The following are some of the customizations that you can make after you complete the steps in [Get Started](/docs/quickstart.md).

- [Change the Inference or Embedding Model](docs/change-model.md)
- [Customize Prompts](docs/prompt-customization.md)
- [Customize LLM Parameters at Runtime](docs/llm-params.md)
- [Support Multi-Turn Conversations](docs/multiturn.md)
- [Enable Self-Reflection to improve accuracy](docs/self-reflection.md)
- [Enable Query rewriting to Improve accuracy of Multi-Turn Conversations](docs/query_rewriter.md)
- [Enable Image captioning support for ingested documents](docs/image_captioning.md)
- [Enable NeMo Guardrails for guardrails at input/output](docs/nemo-guardrails.md)
- [Enable hybrid search for milvus](docs/hybrid_search.md)
- [Enable text-only ingestion of files](docs/text_only_ingest.md)

## Inviting the community to contribute

We're posting these examples on GitHub to support the NVIDIA LLM community and facilitate feedback.
We invite contributions!
To open a GitHub issue or pull request, see the [contributing guidelines](./CONTRIBUTING.md).

## License

This NVIDIA NVIDIA AI BLUEPRINT is licensed under the [Apache License, Version 2.0.](./LICENSE) This project will download and install additional third-party open source software projects and containers. Review [the license terms of these open source projects](./LICENSE-3rd-party.txt) before use.
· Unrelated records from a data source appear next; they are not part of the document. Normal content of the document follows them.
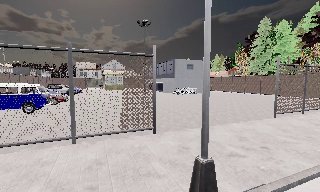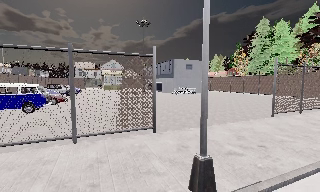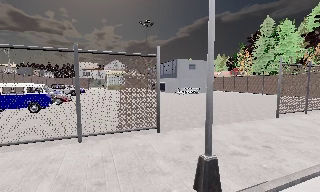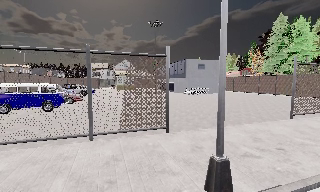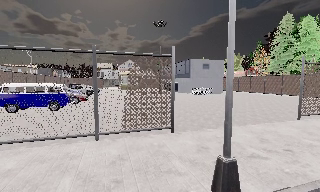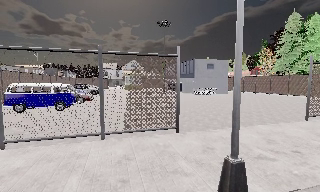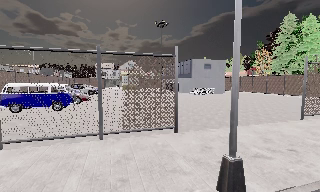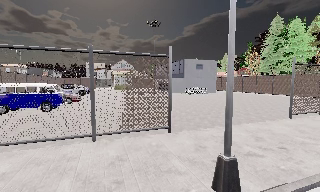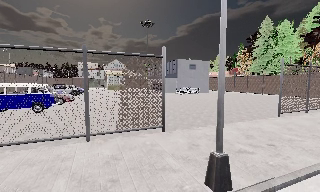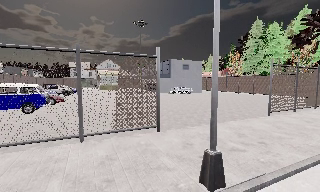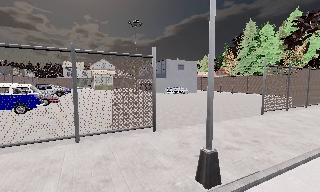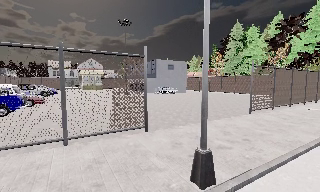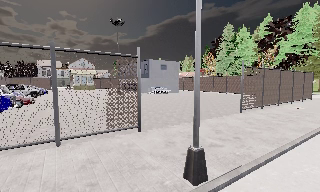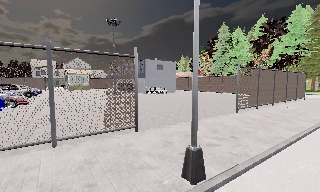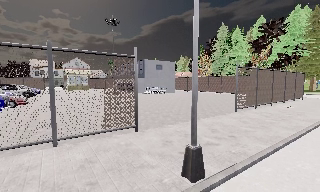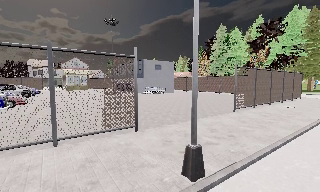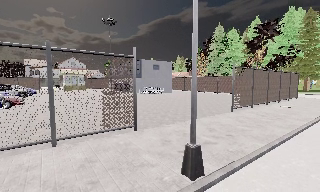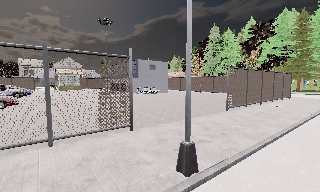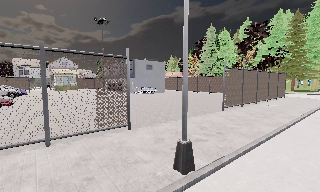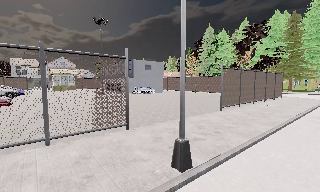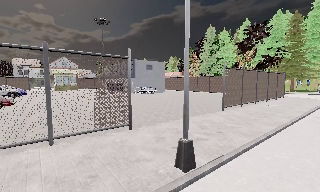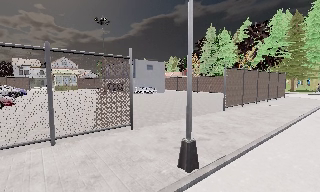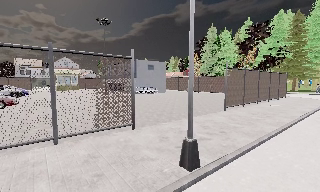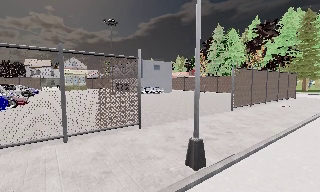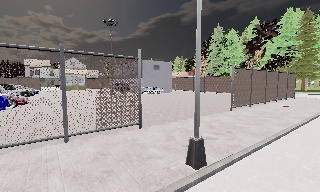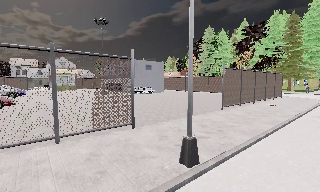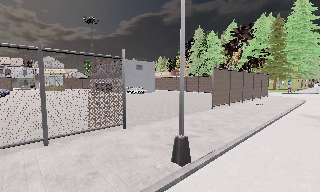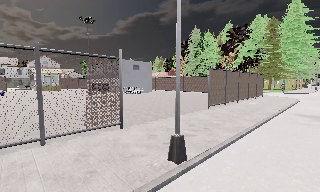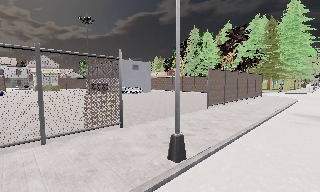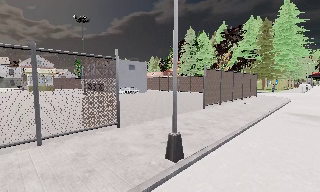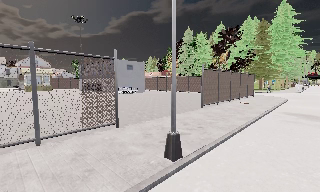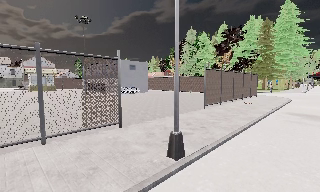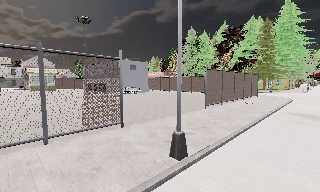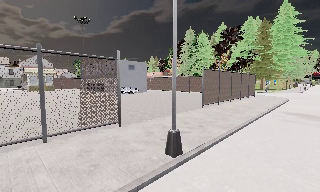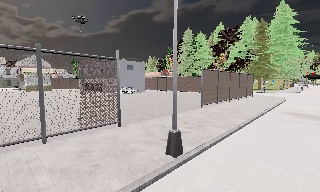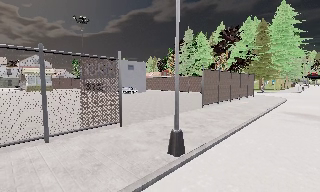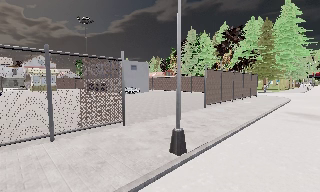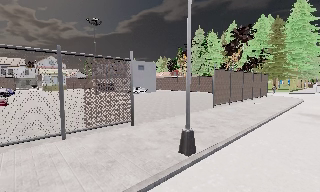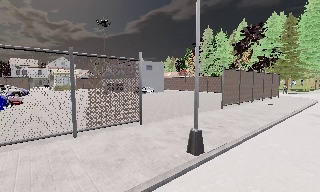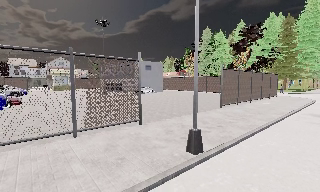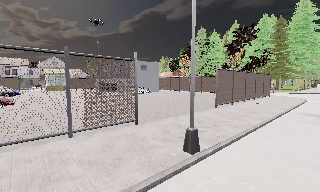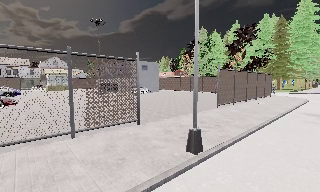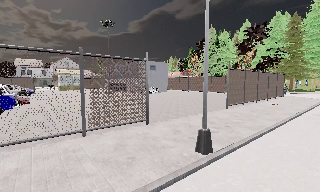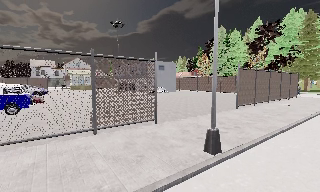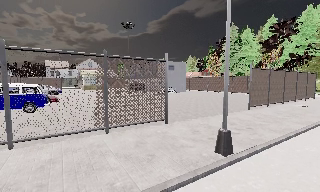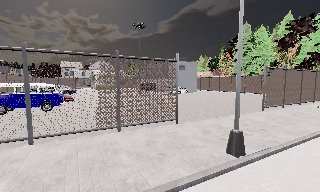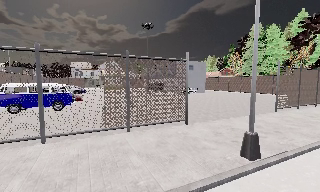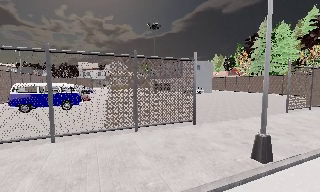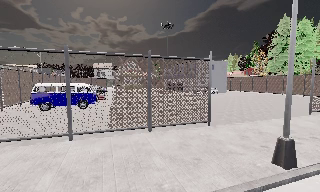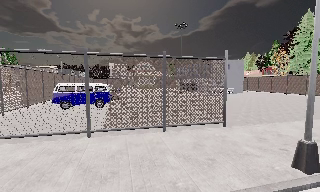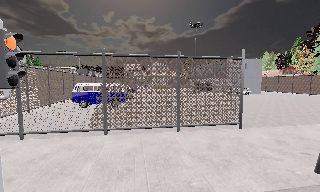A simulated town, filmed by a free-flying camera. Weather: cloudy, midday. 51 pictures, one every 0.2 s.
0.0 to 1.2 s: The camera shifts only a little, or ends up much as it began.
1.2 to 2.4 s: The scene slides to the left, as the camera pans about 15 degrees to its right.
2.4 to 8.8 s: The camera travels backward and to its left, about 1.5 m, so what stands in front gets smaller.
8.8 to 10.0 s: The scene slides to the right, as the camera pans about 25 degrees to its left.
The film runs forward here.
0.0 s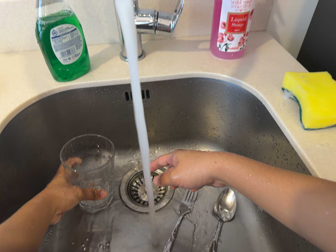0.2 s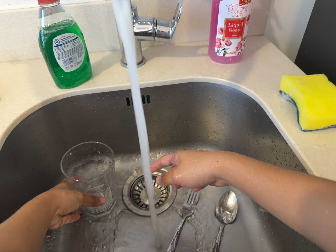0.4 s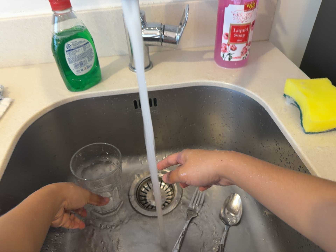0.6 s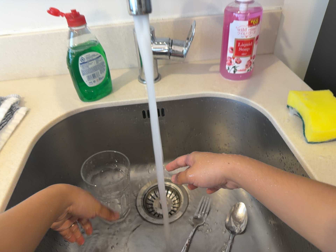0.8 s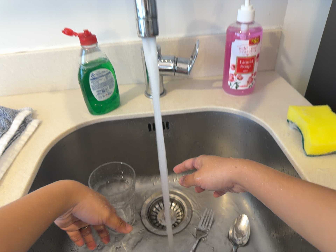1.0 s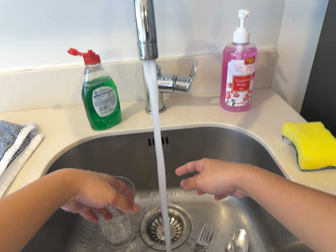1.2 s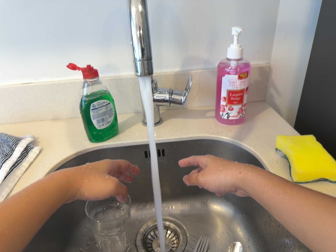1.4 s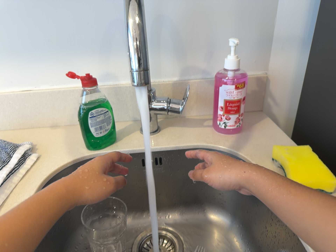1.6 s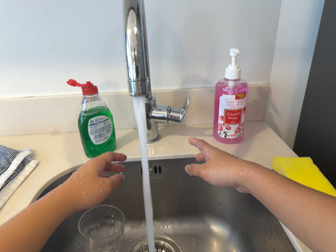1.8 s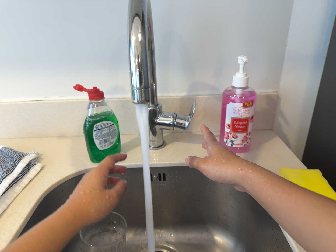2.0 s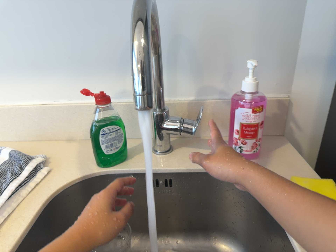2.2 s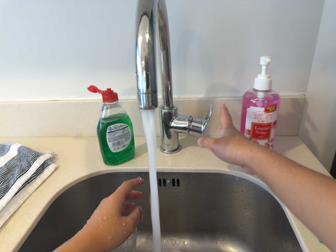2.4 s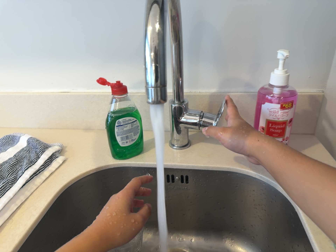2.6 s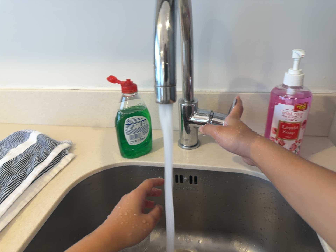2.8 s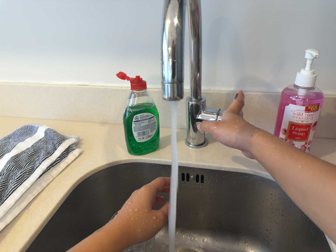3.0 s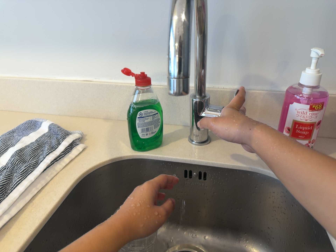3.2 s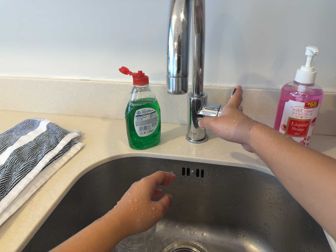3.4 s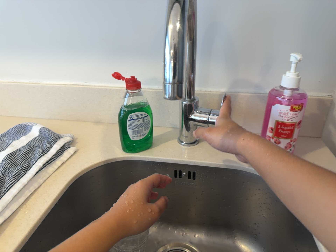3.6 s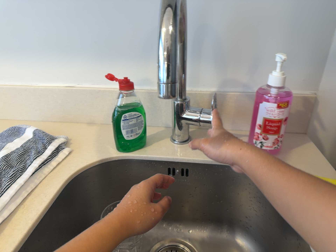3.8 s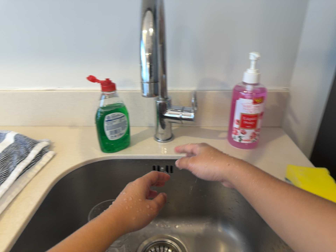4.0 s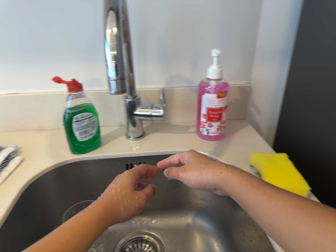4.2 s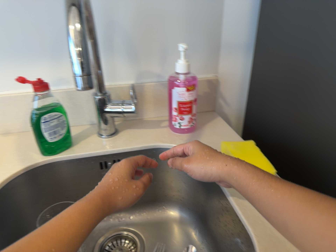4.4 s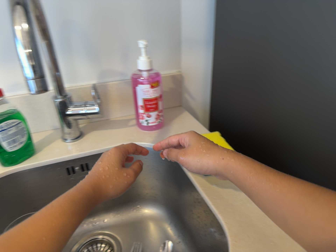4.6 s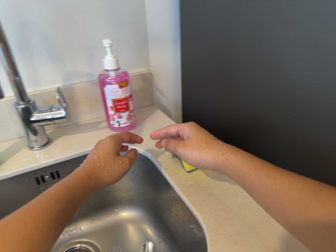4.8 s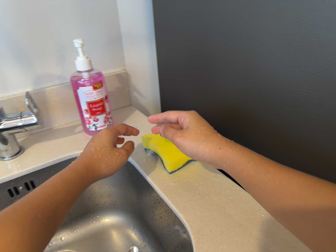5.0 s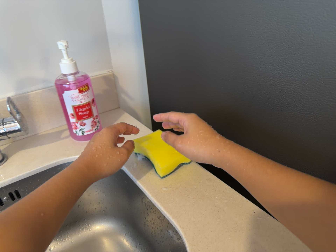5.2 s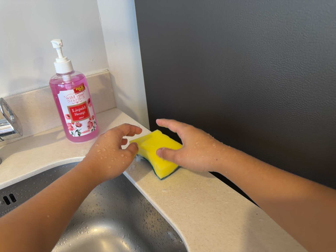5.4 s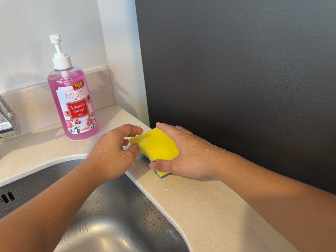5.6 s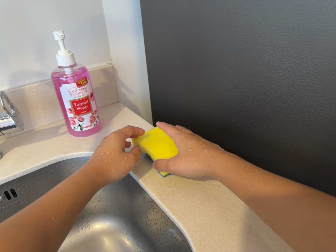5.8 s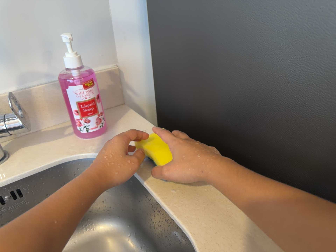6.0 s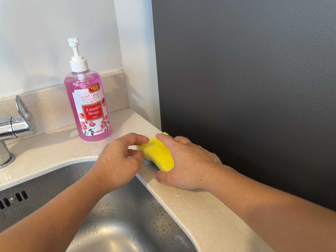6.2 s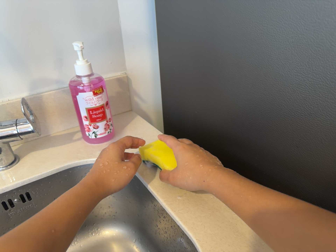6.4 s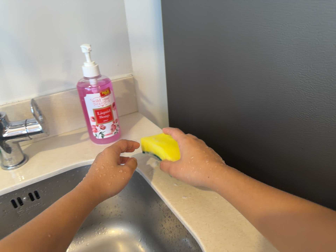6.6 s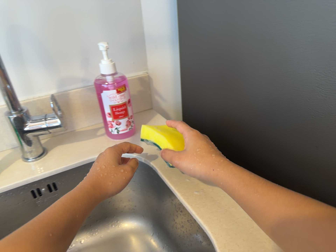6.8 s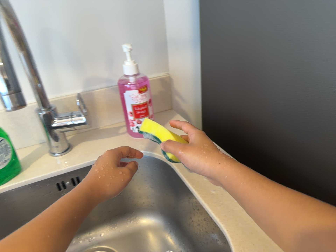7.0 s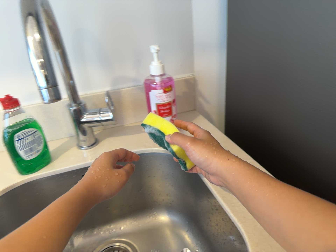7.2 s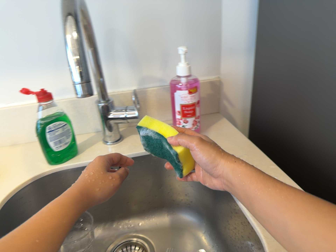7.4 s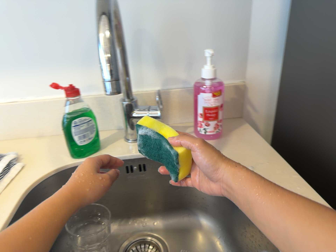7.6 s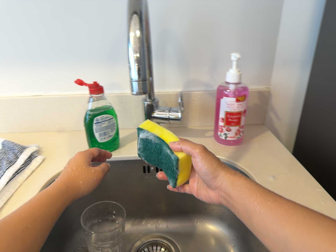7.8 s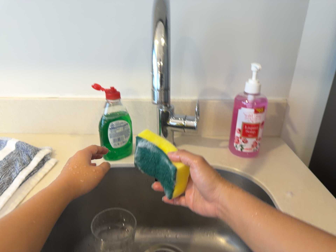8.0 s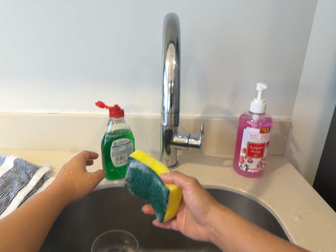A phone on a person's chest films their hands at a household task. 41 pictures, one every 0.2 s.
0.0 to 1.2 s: The camera travels backward, about 8 cm, so what stands in front gets smaller. Its aim tips toward the top of its view by about 15 degrees, and the scene shifts downward.
1.2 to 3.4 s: The scene slides to the right, as the camera pans about 10 degrees to its left. It rolls about its line of sight by about 10 degrees, and the scene rotates clockwise.
3.4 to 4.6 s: The camera pans to its right by about 30 degrees. It rolls about its line of sight by about 20 degrees, and the scene rotates counterclockwise.
4.6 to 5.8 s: The camera shifts only a little, or ends up much as it began.
5.8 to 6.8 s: The scene slides to the right, as the camera pans about 10 degrees to its left.
6.8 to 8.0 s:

The software and materials are governed by the NVIDIA Software License Agreement (found at https://www.nvidia.com/en-us/agreements/enterprise-software/nvidia-software-license-agreement/) and the Product-Specific Terms for NVIDIA AI Products (found at https://www.nvidia.com/en-us/agreements/enterprise-software/product-specific-terms-for-ai-products/), except that models are governed by the AI Foundation Models Community License Agreement (found at NVIDIA Agreements | Enterprise Software | NVIDIA Community Model License) and NVIDIA dataset is governed by the NVIDIA Asset License Agreement found [here](./data/LICENSE.DATA).

For Meta/llama-3.1-70b-instruct model the Llama 3.1 Community License Agreement, for nvidia/llama-3.2-nv-embedqa-1b-v2model the Llama 3.2 Community License Agreement, and for the nvidia/llama-3.2-nv-rerankqa-1b-v2 model the Llama 3.2 Community License Agreement. Built with Llama.